River: Insight of the day
2009-09-08 08:23 pmI explain myself a lot. Too much for some people, Colleen among them. I realized that I'm so used to having my words and actions misunderstood, after decades of it, that I have an uncontrollable need to keep explaining until I get a response that indicates that the other person has, in fact, understood what I said or did.
Which would be a great idea, if the normal person's reaction wasn't to get angry and stop paying attention because, to them, I'm either repeating myself endlessly, or contradicting them.
... and in a somewhat different direction, yes, I did catch myself apologizing for a miscommunication between Emmy and Colleen. Possibly because I kept trying to ask questions that were intended to fill in the gaps, and they both kept brushing me off.
They really are, when you think about it, parts of the same problem. I can easily see the gaps in other people's logic (I'm not taking about my own logic, you'll note -- it's always easier to debug someone else's code than one's own), and they barge ahead anyway, either not noticing or not caring, and thinking they can easily fill in the gap with what they're quite certain the other person was trying to say.

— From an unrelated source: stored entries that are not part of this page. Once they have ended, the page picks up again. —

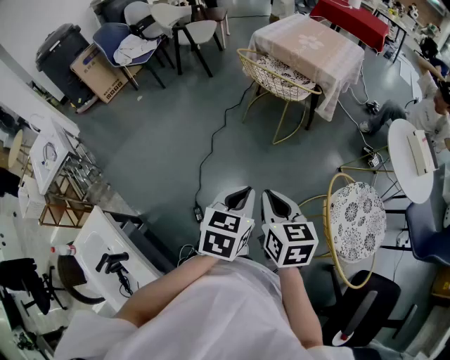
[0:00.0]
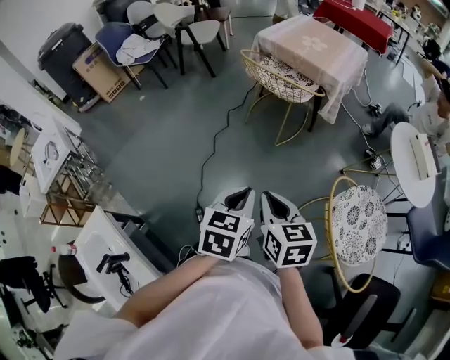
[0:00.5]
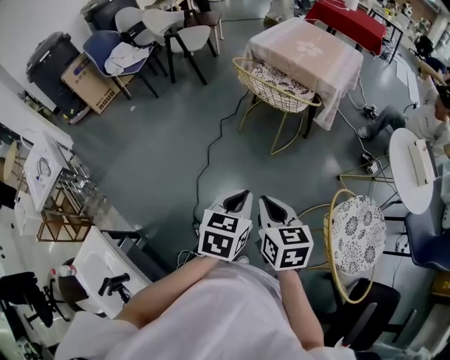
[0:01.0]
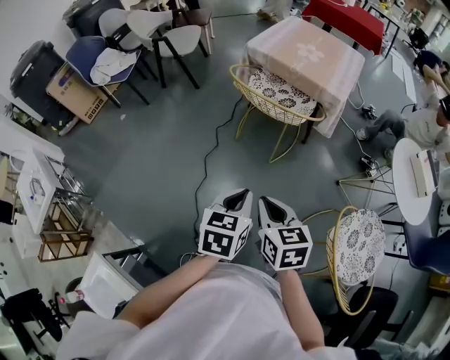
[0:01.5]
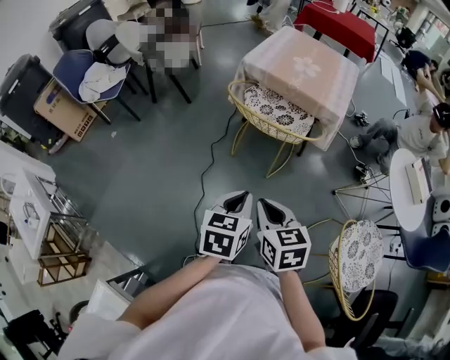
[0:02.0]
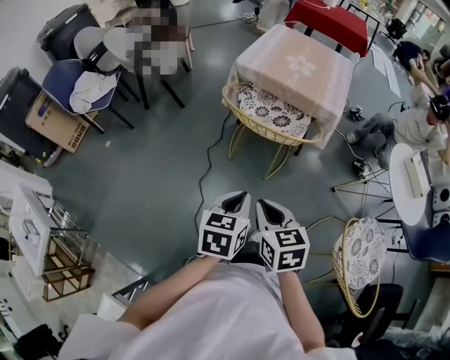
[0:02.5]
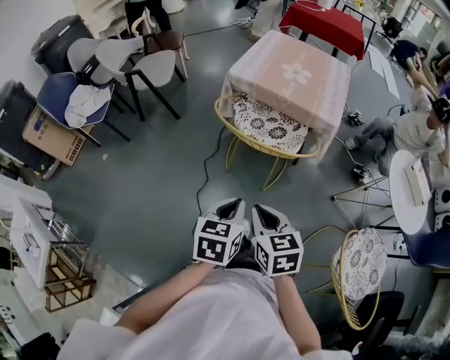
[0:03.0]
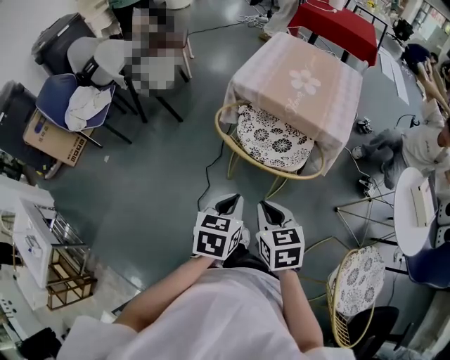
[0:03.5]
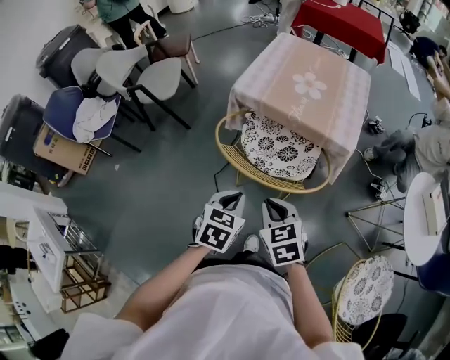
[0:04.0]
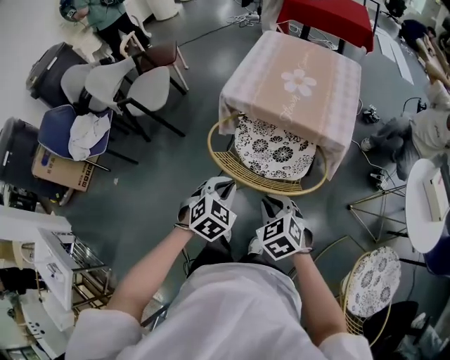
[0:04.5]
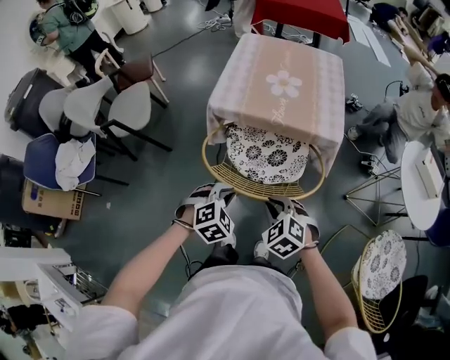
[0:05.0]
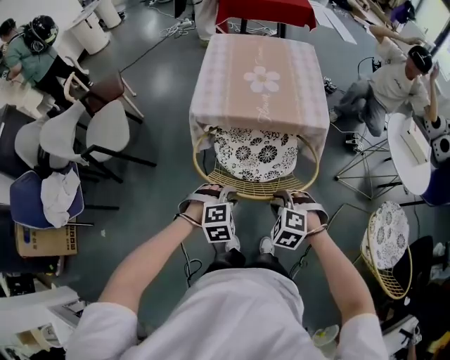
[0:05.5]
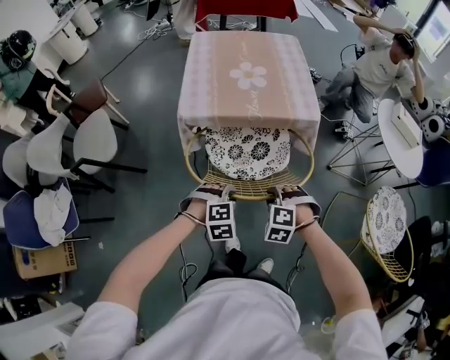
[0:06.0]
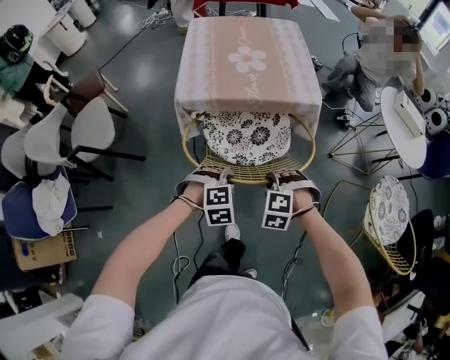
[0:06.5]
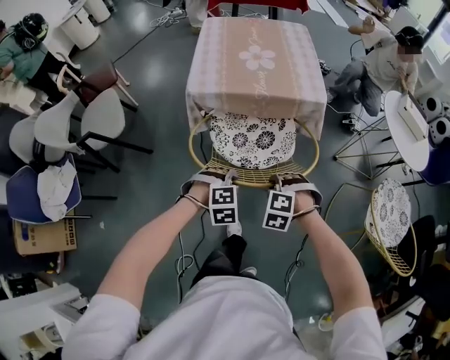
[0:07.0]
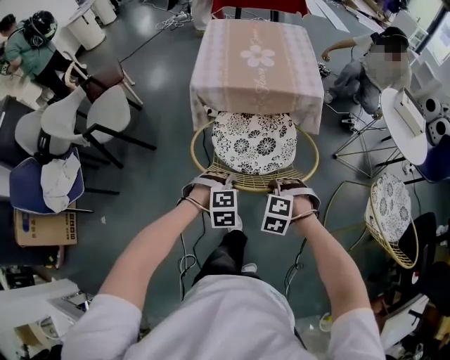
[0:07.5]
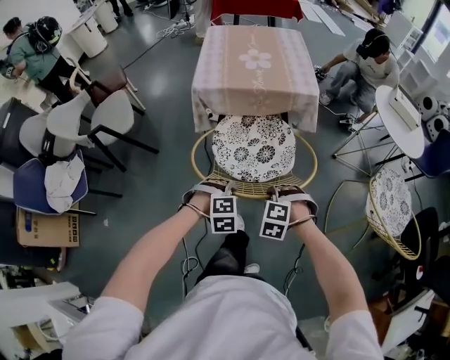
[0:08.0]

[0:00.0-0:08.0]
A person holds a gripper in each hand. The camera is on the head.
0:00.0 to 0:02.0: The two grippers go some 30 cm forward.
0:02.0 to 0:04.0: The two grippers go some 25 cm forward. The left gripper swivels some 20 degrees.
0:04.0 to 0:06.0: Both grippers move downward, roughly 10 cm. The right gripper swivels about 50 degrees. The left gripper rolls clockwise, seen from behind, by approximately 80 degrees, and opens up.
0:06.0 to 0:08.0: Both grippers move backward, some 15 cm.

I'm a lot less tolerant of uncertainty and ambiguity than most people seem to be.
no subject
Date: 2009-09-09 09:51 am (UTC)no subject
Date: 2009-09-10 01:12 am (UTC)Yeah, that's pretty much what I personally call communication. Regrettably, others don't seem to perceive it the same way. What's worse, if they will not follow my example and explain themselves until I'm sure *I* understand, then how can I be certain that I *have* understood? It's hard being an alien.